Presence of an intron does not affect termination of transcription of IMD4. (A) Schematic depiction of IMD4 with intron inserted near the promoter (P-intron), middle of the gene (M-intron) and near the terminator region (T-intron), showing the position of primers 1, 2, 3, and four used in strand-specific TRO analysis. “p” and “T” stand for the promoter and terminator respectively. (B) Strand-specific TRO analysis showing that the polymerase did not readthrough in the regions 2, 3, and four downstream of the terminator signal of IMD4 in the construct P-intron (red bar), M-intron (green bar) and T-intron (purple bar). The 18S signal was used as a normalization control in these experiments. Results presented here represent three biological replicates and six technical replicates. The values and error bars for each condition indicate the mean ± standard deviation.
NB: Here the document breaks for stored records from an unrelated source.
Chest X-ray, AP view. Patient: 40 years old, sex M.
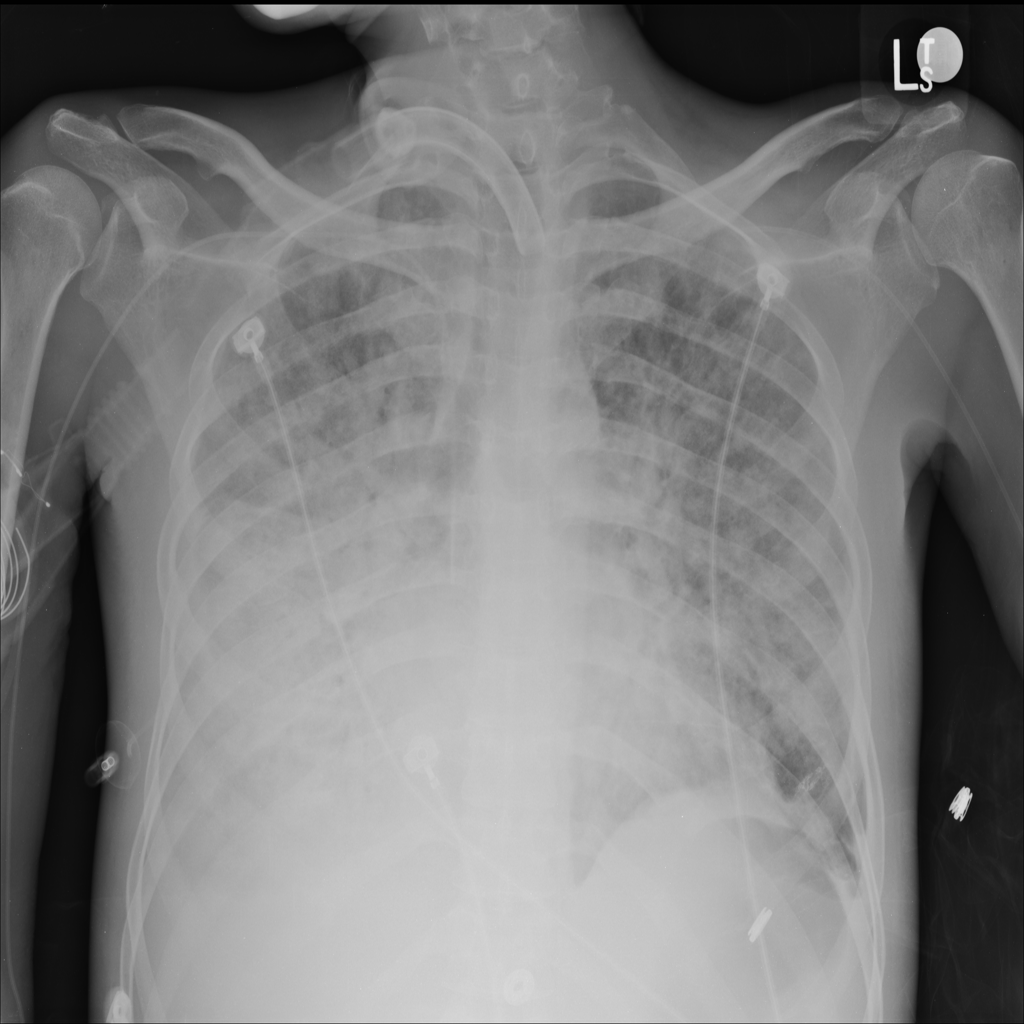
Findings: Atelectasis, Infiltration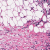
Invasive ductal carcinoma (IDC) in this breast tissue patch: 0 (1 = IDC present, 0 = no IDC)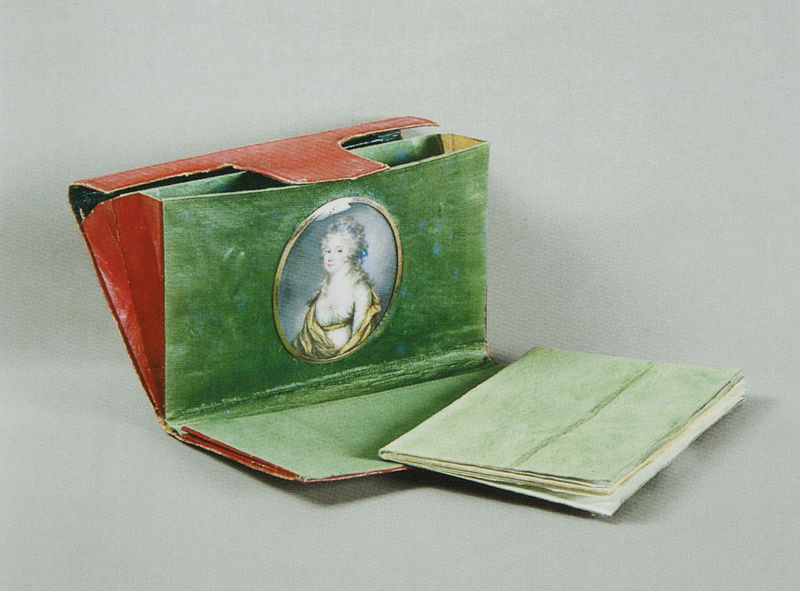
Titel: Porträt der Zarin Maria Fjodorowna
Künstler: Charles de Chamisso
Standort: St. Petersburg
Institution: Schloss Pawlowsk
Schlagwörter: blau, blätter, kopf, weiß, gelb, grün, mädchen, ausschnitt, braun, bunt, frankreich, frau, glas, grau, hintergrund, kleid, nase, pastell, tisch, blick, dame, gürtel, rot, tuch, fächer, jung, augen, barock, gesicht, rahmen, samt, bild, bildnis, portrait, porträt, gewand, gold, mantel, schnur, stoff, locken, puder, rokoko, alltag, kreis, oval, rund, tondo, perücke, papier, papiere, bogen, vert, verzierung, foto, bögen, offen, buch, zettel, medaillon, porzellan, geld, text, beutel, tasche, heft, umschlag, handwerk, handtasche, etui, brief, briefe, liebesbrief, leder, rouge, rechteckig, mappe, notizbuch, geldbeutel, geöffnet, verschluß, femme, schatulle, goldrand, erinnerung, kunsthandwerk, miniatur, behälter, portait, briefpapier, toge, korrespondenz, idealisiert, börse, gefärbt, cape, tüte, tagebuch, pappe, ordner, täschchen, hülle, futteral, tunique, einstecktasche, lasche, miniature, adressbuch, brieftasche, futeral, geldbörse, gepdert, gleid, notizheft, notzizbuch, portemonai, portemonnaie, rod, posträt, cadre, briefbogen, rundes, geldtasche, ruban, ot, or, notitzbuck, porträt für die reise, reiseporträt, reisetasche mit porträt, miniatur mit dame, miniaturporträt, taschenporträt, potmonaire, edtui, breifetui, porte feuille, porte monaie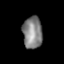
Tissue: lung
Cell type: Epithelial cells
Senescence score: 0.09827
Nuclear area (px): 614
Mean DAPI intensity: 130.138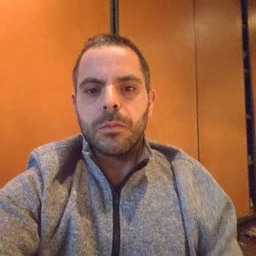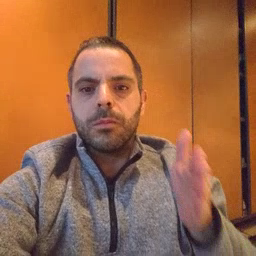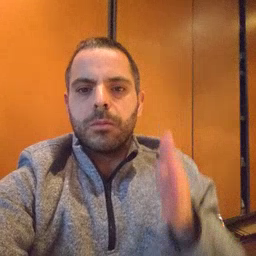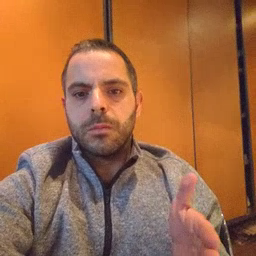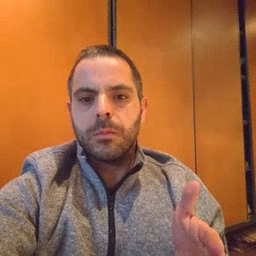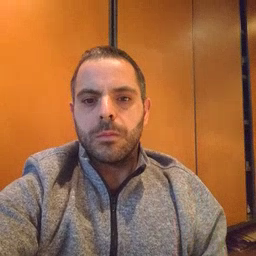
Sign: beside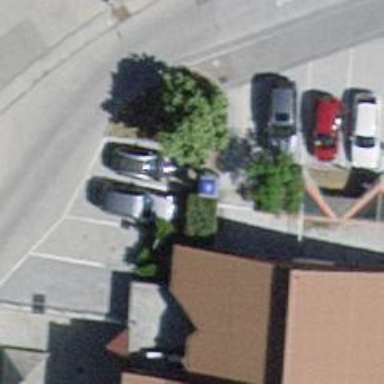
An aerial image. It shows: Charging station.
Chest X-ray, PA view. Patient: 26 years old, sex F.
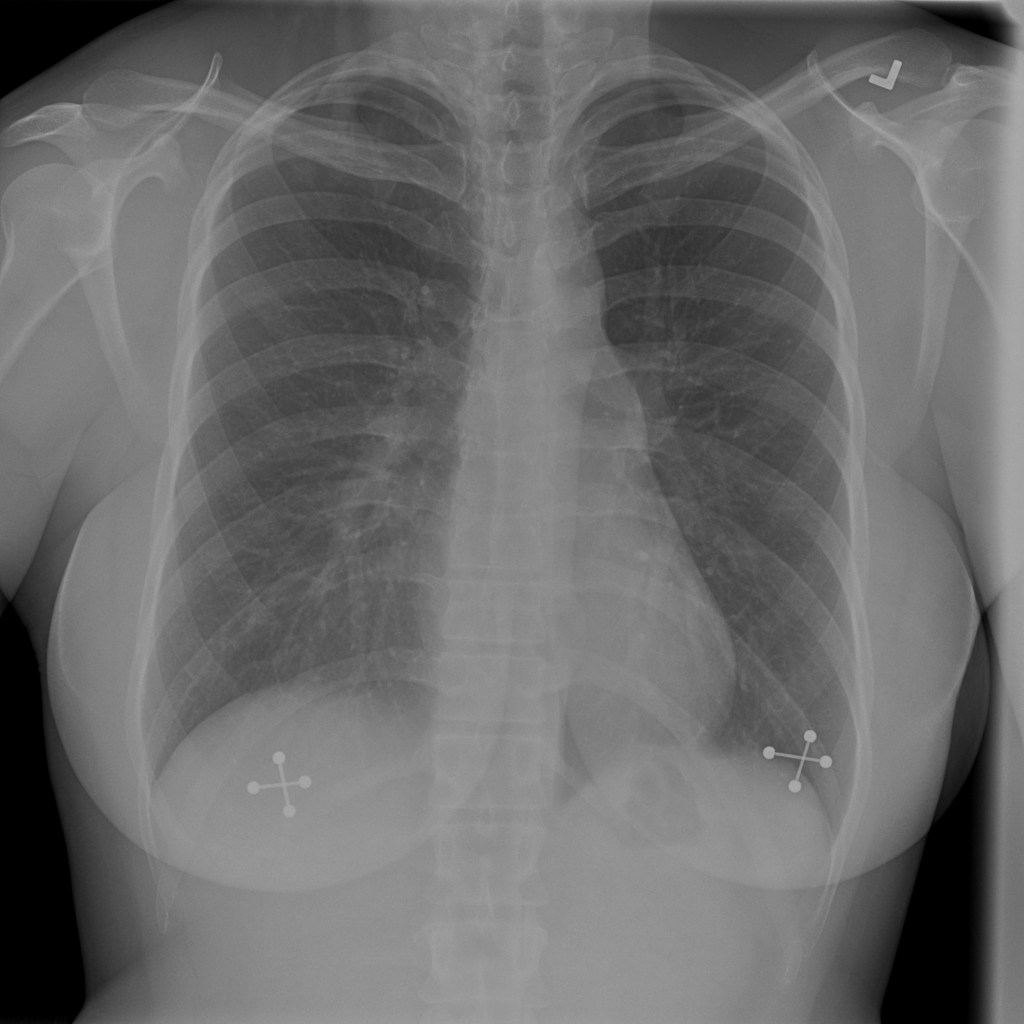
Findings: No Finding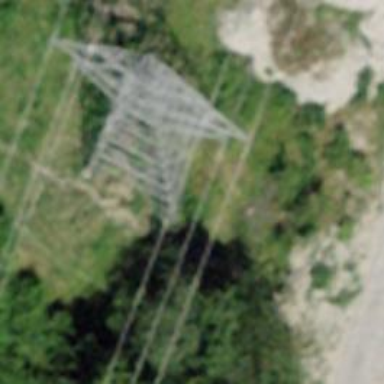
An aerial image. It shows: Towering power structure.
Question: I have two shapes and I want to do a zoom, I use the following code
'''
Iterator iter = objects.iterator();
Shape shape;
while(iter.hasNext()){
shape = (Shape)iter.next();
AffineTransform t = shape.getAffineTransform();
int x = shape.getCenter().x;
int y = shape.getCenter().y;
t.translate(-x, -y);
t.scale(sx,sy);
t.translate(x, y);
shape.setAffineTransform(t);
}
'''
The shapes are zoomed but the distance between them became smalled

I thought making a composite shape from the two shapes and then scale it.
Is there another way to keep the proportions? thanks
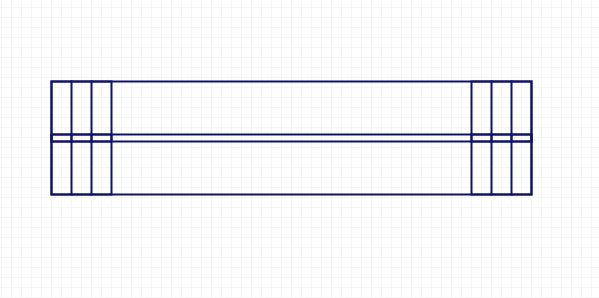
Answer: Thank you everybody for the answers, I found a solution that works for me
'''
while(iter.hasNext()){
shape = (Shape)iter.next();
AffineTransform t = new AffineTransform();
t.scale(sx,sy);
t.concatenate(shape.getAffineTransform());
shape.setAffineTransform(t);
}
}
'''

Statistical significance (p-values) was determined using the two-tailed paired Student’s t-test. One asterisk (*) signifies a p value equal to or smaller than 0.05 (p ≤ 0.05). Two asterisks (**) signify a p value equal to or smaller than 0.01 (p ≤ 0.01). Three asterisks (***) indicate p value equal/smaller than 0.001 (p ≤ 0.001). Four asterisks (****) indicate p value equal/smaller than 0.0001 (p ≤ 0.0001). Any non-significant difference is represented by ns (p > 0.05). (C) Readthrough Index (RTI) was calculated by dividing the TRO signal intensity beyond the 3′ end of the gene (region 4) with the signal value before the 3′ end within the coding region (region 1).